-- YOUR INSTRUCTIONS --
All of the records listed below should be retyped exactly.
** THE INPUT follows **
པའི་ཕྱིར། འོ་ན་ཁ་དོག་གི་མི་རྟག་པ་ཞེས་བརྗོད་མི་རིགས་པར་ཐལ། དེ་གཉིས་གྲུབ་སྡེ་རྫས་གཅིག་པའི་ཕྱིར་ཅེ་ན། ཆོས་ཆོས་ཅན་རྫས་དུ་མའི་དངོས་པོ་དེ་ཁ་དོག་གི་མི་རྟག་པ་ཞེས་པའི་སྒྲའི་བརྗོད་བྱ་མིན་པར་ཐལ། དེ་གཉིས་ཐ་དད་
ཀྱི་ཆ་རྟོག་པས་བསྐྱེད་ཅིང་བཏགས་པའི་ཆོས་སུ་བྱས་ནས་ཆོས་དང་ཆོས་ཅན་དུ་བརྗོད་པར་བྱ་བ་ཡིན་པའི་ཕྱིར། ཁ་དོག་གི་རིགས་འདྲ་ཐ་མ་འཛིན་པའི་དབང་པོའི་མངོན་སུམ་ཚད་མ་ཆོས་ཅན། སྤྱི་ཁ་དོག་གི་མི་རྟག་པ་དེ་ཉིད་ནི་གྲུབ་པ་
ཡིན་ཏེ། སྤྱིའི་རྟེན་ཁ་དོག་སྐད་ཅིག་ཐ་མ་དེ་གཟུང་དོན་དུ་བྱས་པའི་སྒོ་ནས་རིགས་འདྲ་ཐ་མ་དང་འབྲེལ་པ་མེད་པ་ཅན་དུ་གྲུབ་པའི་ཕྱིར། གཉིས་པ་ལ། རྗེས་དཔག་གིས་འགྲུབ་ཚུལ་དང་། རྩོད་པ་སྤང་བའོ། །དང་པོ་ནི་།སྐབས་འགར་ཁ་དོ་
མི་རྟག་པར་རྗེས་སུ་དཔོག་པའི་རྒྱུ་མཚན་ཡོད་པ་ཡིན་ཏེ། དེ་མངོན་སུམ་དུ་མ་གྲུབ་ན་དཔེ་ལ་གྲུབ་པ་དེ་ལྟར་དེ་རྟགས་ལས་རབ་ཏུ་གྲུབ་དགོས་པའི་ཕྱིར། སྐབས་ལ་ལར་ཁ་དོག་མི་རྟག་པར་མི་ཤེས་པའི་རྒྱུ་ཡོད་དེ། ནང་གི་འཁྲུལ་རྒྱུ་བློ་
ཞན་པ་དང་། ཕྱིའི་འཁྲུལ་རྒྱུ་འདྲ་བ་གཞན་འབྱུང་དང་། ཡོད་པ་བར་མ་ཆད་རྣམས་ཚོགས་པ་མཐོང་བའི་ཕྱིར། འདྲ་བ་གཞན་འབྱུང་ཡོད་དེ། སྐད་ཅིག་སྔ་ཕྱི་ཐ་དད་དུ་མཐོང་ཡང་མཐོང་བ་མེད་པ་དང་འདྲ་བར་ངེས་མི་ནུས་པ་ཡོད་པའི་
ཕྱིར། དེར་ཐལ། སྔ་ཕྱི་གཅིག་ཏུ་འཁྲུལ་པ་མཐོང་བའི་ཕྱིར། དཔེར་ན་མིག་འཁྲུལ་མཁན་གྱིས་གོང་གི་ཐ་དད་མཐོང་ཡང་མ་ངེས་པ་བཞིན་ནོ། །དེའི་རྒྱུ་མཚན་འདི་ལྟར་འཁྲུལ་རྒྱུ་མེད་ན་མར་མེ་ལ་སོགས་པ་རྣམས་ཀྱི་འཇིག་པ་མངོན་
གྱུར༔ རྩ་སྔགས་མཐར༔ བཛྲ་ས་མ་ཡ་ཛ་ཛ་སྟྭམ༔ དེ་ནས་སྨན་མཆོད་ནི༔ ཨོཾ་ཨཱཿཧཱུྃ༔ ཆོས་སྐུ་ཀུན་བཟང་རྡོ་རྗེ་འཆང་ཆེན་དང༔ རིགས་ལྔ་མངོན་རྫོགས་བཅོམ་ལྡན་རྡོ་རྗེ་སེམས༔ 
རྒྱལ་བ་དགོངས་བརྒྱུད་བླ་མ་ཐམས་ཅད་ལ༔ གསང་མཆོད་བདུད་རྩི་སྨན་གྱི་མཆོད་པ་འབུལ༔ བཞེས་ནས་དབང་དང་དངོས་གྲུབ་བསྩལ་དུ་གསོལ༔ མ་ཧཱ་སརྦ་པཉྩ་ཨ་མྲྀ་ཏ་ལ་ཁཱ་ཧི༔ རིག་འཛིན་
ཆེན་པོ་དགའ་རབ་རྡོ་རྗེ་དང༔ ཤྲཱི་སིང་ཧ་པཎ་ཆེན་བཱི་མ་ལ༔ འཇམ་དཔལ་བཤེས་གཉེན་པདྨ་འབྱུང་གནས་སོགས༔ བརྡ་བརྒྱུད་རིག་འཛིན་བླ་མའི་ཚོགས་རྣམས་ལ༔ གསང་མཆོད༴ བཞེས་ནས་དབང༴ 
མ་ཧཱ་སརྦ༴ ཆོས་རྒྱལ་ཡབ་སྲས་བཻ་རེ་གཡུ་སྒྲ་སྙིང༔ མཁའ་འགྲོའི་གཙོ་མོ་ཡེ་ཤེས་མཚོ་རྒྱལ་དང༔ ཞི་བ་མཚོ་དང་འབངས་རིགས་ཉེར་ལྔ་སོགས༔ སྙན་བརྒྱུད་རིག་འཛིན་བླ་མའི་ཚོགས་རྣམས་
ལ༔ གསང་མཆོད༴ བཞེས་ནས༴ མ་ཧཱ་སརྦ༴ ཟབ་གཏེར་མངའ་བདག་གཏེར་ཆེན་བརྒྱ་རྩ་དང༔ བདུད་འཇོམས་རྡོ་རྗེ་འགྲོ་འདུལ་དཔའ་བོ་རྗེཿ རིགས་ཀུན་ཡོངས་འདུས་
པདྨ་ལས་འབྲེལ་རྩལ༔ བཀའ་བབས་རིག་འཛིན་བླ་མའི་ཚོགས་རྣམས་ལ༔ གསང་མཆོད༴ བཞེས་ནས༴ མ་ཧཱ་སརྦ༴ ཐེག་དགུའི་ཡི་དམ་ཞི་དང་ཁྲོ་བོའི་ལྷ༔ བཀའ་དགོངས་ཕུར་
** End of THE INPUT **
-- EXERCISE RESPONSE --
པའི་ཕྱིར། འོ་ན་ཁ་དོག་གི་མི་རྟག་པ་ཞེས་བརྗོད་མི་རིགས་པར་ཐལ། དེ་གཉིས་གྲུབ་སྡེ་རྫས་གཅིག་པའི་ཕྱིར་ཅེ་ན། ཆོས་ཆོས་ཅན་རྫས་དུ་མའི་དངོས་པོ་དེ་ཁ་དོག་གི་མི་རྟག་པ་ཞེས་པའི་སྒྲའི་བརྗོད་བྱ་མིན་པར་ཐལ། དེ་གཉིས་ཐ་དད་
ཀྱི་ཆ་རྟོག་པས་བསྐྱེད་ཅིང་བཏགས་པའི་ཆོས་སུ་བྱས་ནས་ཆོས་དང་ཆོས་ཅན་དུ་བརྗོད་པར་བྱ་བ་ཡིན་པའི་ཕྱིར། ཁ་དོག་གི་རིགས་འདྲ་ཐ་མ་འཛིན་པའི་དབང་པོའི་མངོན་སུམ་ཚད་མ་ཆོས་ཅན། སྤྱི་ཁ་དོག་གི་མི་རྟག་པ་དེ་ཉིད་ནི་གྲུབ་པ་
ཡིན་ཏེ། སྤྱིའི་རྟེན་ཁ་དོག་སྐད་ཅིག་ཐ་མ་དེ་གཟུང་དོན་དུ་བྱས་པའི་སྒོ་ནས་རིགས་འདྲ་ཐ་མ་དང་འབྲེལ་པ་མེད་པ་ཅན་དུ་གྲུབ་པའི་ཕྱིར། གཉིས་པ་ལ། རྗེས་དཔག་གིས་འགྲུབ་ཚུལ་དང་། རྩོད་པ་སྤང་བའོ། །དང་པོ་ནི་།སྐབས་འགར་ཁ་དོ་
མི་རྟག་པར་རྗེས་སུ་དཔོག་པའི་རྒྱུ་མཚན་ཡོད་པ་ཡིན་ཏེ། དེ་མངོན་སུམ་དུ་མ་གྲུབ་ན་དཔེ་ལ་གྲུབ་པ་དེ་ལྟར་དེ་རྟགས་ལས་རབ་ཏུ་གྲུབ་དགོས་པའི་ཕྱིར། སྐབས་ལ་ལར་ཁ་དོག་མི་རྟག་པར་མི་ཤེས་པའི་རྒྱུ་ཡོད་དེ། ནང་གི་འཁྲུལ་རྒྱུ་བློ་
ཞན་པ་དང་། ཕྱིའི་འཁྲུལ་རྒྱུ་འདྲ་བ་གཞན་འབྱུང་དང་། ཡོད་པ་བར་མ་ཆད་རྣམས་ཚོགས་པ་མཐོང་བའི་ཕྱིར། འདྲ་བ་གཞན་འབྱུང་ཡོད་དེ། སྐད་ཅིག་སྔ་ཕྱི་ཐ་དད་དུ་མཐོང་ཡང་མཐོང་བ་མེད་པ་དང་འདྲ་བར་ངེས་མི་ནུས་པ་ཡོད་པའི་
ཕྱིར། དེར་ཐལ། སྔ་ཕྱི་གཅིག་ཏུ་འཁྲུལ་པ་མཐོང་བའི་ཕྱིར། དཔེར་ན་མིག་འཁྲུལ་མཁན་གྱིས་གོང་གི་ཐ་དད་མཐོང་ཡང་མ་ངེས་པ་བཞིན་ནོ། །དེའི་རྒྱུ་མཚན་འདི་ལྟར་འཁྲུལ་རྒྱུ་མེད་ན་མར་མེ་ལ་སོགས་པ་རྣམས་ཀྱི་འཇིག་པ་མངོན་
གྱུར༔ རྩ་སྔགས་མཐར༔ བཛྲ་ས་མ་ཡ་ཛ་ཛ་སྟྭམ༔ དེ་ནས་སྨན་མཆོད་ནི༔ ཨོཾ་ཨཱཿཧཱུྃ༔ ཆོས་སྐུ་ཀུན་བཟང་རྡོ་རྗེ་འཆང་ཆེན་དང༔ རིགས་ལྔ་མངོན་རྫོགས་བཅོམ་ལྡན་རྡོ་རྗེ་སེམས༔ 
རྒྱལ་བ་དགོངས་བརྒྱུད་བླ་མ་ཐམས་ཅད་ལ༔ གསང་མཆོད་བདུད་རྩི་སྨན་གྱི་མཆོད་པ་འབུལ༔ བཞེས་ནས་དབང་དང་དངོས་གྲུབ་བསྩལ་དུ་གསོལ༔ མ་ཧཱ་སརྦ་པཉྩ་ཨ་མྲྀ་ཏ་ལ་ཁཱ་ཧི༔ རིག་འཛིན་
ཆེན་པོ་དགའ་རབ་རྡོ་རྗེ་དང༔ ཤྲཱི་སིང་ཧ་པཎ་ཆེན་བཱི་མ་ལ༔ འཇམ་དཔལ་བཤེས་གཉེན་པདྨ་འབྱུང་གནས་སོགས༔ བརྡ་བརྒྱུད་རིག་འཛིན་བླ་མའི་ཚོགས་རྣམས་ལ༔ གསང་མཆོད༴ བཞེས་ནས་དབང༴ 
མ་ཧཱ་སརྦ༴ ཆོས་རྒྱལ་ཡབ་སྲས་བཻ་རེ་གཡུ་སྒྲ་སྙིང༔ མཁའ་འགྲོའི་གཙོ་མོ་ཡེ་ཤེས་མཚོ་རྒྱལ་དང༔ ཞི་བ་མཚོ་དང་འབངས་རིགས་ཉེར་ལྔ་སོགས༔ སྙན་བརྒྱུད་རིག་འཛིན་བླ་མའི་ཚོགས་རྣམས་
ལ༔ གསང་མཆོད༴ བཞེས་ནས༴ མ་ཧཱ་སརྦ༴ ཟབ་གཏེར་མངའ་བདག་གཏེར་ཆེན་བརྒྱ་རྩ་དང༔ བདུད་འཇོམས་རྡོ་རྗེ་འགྲོ་འདུལ་དཔའ་བོ་རྗེཿ རིགས་ཀུན་ཡོངས་འདུས་
པདྨ་ལས་འབྲེལ་རྩལ༔ བཀའ་བབས་རིག་འཛིན་བླ་མའི་ཚོགས་རྣམས་ལ༔ གསང་མཆོད༴ བཞེས་ནས༴ མ་ཧཱ་སརྦ༴ ཐེག་དགུའི་ཡི་དམ་ཞི་དང་ཁྲོ་བོའི་ལྷ༔ བཀའ་དགོངས་ཕུར་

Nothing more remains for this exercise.